Second, request parameter parsing is natively supported, and we no longer need a separate LLM call(s) to reliably extract request parameters. The ability to provide a JSON Schema reduces the likelihood of hallucinating request parameters, i.e. LLMs misunderstanding the structure of the request and/or conjure non-existent request body parameter names and their types. This leads to unnecessary HTTP request failures, which improves worst-case latency and overall improves UX.

Third, this makes LLM agents feel less “hacky” and much “cleaner”. Having to inject tool descriptions and tool outputs into the prompt bloated the context, and muddled conversation history with unnecessary mechanisms like “observation”, “thought”, etc (see React prompting from Langchain). The new function calls feature provides an explicit function role that separates all function call artifacts from the rest of conversation history.

Concerns and Issues Remain

That said, there are still some issues and concerns - some major.

I have some doubts as to whether object decoding works 100% perfectly (spoiler alert: it’s not), because even by OpenAI’s admission - tool parameter hallucinations can STILL occur (see the screen shot from the documentation below, which admit that hallucinations can still happen). And this is not surprising, given ChatGPT plugins which presumably use this finetuned tool using LLM still makes many errors when extracting request bodies.

That said, I’m not sure whether the new releases of GPT3.5 and GPT4 use different function dispatching models
Luckily, the GPT-4 version of ChatCompletion API also supports function call - so maybe we can

2. Cost. The tool specification info goes into the system message and counts towards the total context - so costs can add up if you have a lot of tools. Of course, OpenAI still slashed API cost by 25% which probably offsets any cost inflation - but this could be problematic if you are using many tools with lengthy tool descriptions.

Assuming each function description is about 300 tokens, a LLM call with 5 candidate functions will contain 1500 (5 * 300) tokens of extra baggage in the system prompt.
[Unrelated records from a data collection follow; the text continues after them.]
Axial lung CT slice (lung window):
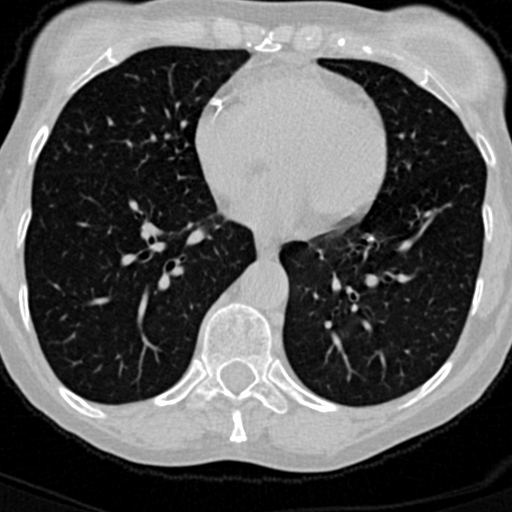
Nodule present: no
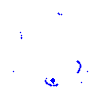
Particle: kaon
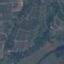
Label: PermanentCrop
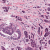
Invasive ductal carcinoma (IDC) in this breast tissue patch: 1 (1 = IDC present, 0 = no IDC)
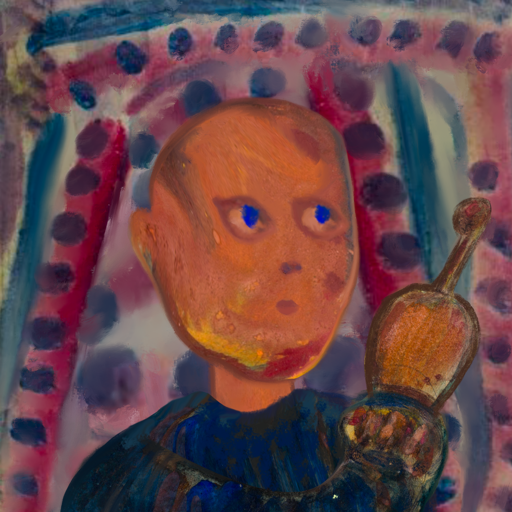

This obviously adds to latency, which is not great.

That said, you can strategically decide when to not pass function calls to ChatCompletion

3. Can it scale to 100’s of tools? Naturally, this paradigm of passing function specifications to system prompt does not scale when you have 100’s of tools. In this case, you still need to do a filter of your tools via semantic search, etc, then pass a more targeted functions list to the prompt.

4. Why not pass OpenAPI specs, as opposed to JSONSchemas. As it stands, the function call feature expects us to pass a manifest with JSONSchema for parameters. This can be inconvenient if the tools we want to use are REST APIs with multiple paths and very complex parameters, etc.

Additional tooling is required then to translate our REST API specification files (e.g. swagger) to these manifests - but this isn’t a big deal. It’d be nice, however, if users were allowed to directly pass in swagger specs (just like ChatGPT plugins) - effectively providing feature-parity with ChatGPT Plugins.